Daughters of the Utah Pioneers Museum
Descriptive Detail
With head turned slightly and hair pulled back from a center part, a long, narrow pin complements the detail on the woman’s collar. The “almost smile” and brightness of her eyes suggest earlier days when she was living in St. Louis and known as Temperance Westwood. Mrs. Temperance Moon was once the nurse or nanny to the renowned nineteenth-century poet Eugene Field. The photograph and quotes are from a news interview with Mrs. Moon entitled "Nurse Who Attended Eugene Field When Boy is Now Resident of Utah." The information and photograph are made available through the courtesy of the International Society of the Daughters of Utah Pioneers Museum archives.
Needing employment
We can only imagine her as an eleven year old visiting her sister Mercy in the kitchen of the Field family home where Mercy is the cook. As they talk about Temperance’s need to find employment after their parents’ death, Mrs. Field comes in and says, “I want you to stay here” and “take care of Eugene who is getting to be such a big boy.” At age eleven and just out of childhood herself, Temperance became the nanny of a ten-month-old baby. For the next two years, from 1851 until 1853, until he was in his fourth year, Temperance assumed responsibility for Eugene’s daily care. She played with him and read stories, including Eugene’s favorite “Puss in Boots.” She also recalled that frequently Mrs. Field gave her money to buy new fairy tales. With the birth of Eugene’s brother Roswell, her role increased and the young nanny remembers sleeping in the nursery. In the interview, Mrs. Moon recalled the charming child whose father, Roswell, often came to the nursery to play with his sons. She also commented that the attorney would pace back and forth through the first floor parlors practicing a speech he was to deliver the next day. Temperance remained with Eugene, whom she describes as a “tall, slender, boyish blond” with “compliant” hair, until she left with her brother to settle in Utah.
Child labor was usual rather than the exception in the nineteenth century with more than one-third of the factory workforce between the ages of seven and twelve. It was not until towards the end of the century that laws would regulate such work. Temperance’s role as a nanny came from economic necessity. Such work was not only condoned but encouraged. “Idleness” was to be avoided.
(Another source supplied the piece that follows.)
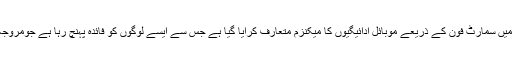
ڈاکٹرعمر سیف نے کہا کہ افریقی ممالک میں سمارٹ فون کے ذریعے موبائل ادائیگیوں کا میکنزم متعارف کرایا گیا ہے جس سے ایسے لوگوں کو فائدہ پہنچ رہا ہے جومروجہ بینکنگ کے متحمل نہیں ہو سکتے تھے۔

Mormon Face Discrimination during the Early Years in America
Temperance and her family were Mormons and a part of the migration of those belonging to the Church of Jesus Christ of the Latter-day Saints—a new religious sect that began in western New York in about 1830. Founder Joseph Smith’s “Book of Mormons,” a companion to the Christian Bible, espoused divine insight and the necessity of a course-correction to prepare for the second coming. It appealed to many. With a growing number of converts in this country and in England, the movement eventually attracted the attention of those who were fearful of the Mormon’s growing economic and political power. Initial tolerance evolved into rejection, discrimination, violent confrontations, and finally eviction, as was the case in Missouri in the late 1830s. Mormons would be labeled fanatics and treasonous and then expelled from each location as they crisscrossed the Midwest first in Ohio, then near Independence, Missouri, and later the town of Nauvoo, Illinois. Finally, the Mormons settled by the Great Salt Lake in what is now the state of Utah.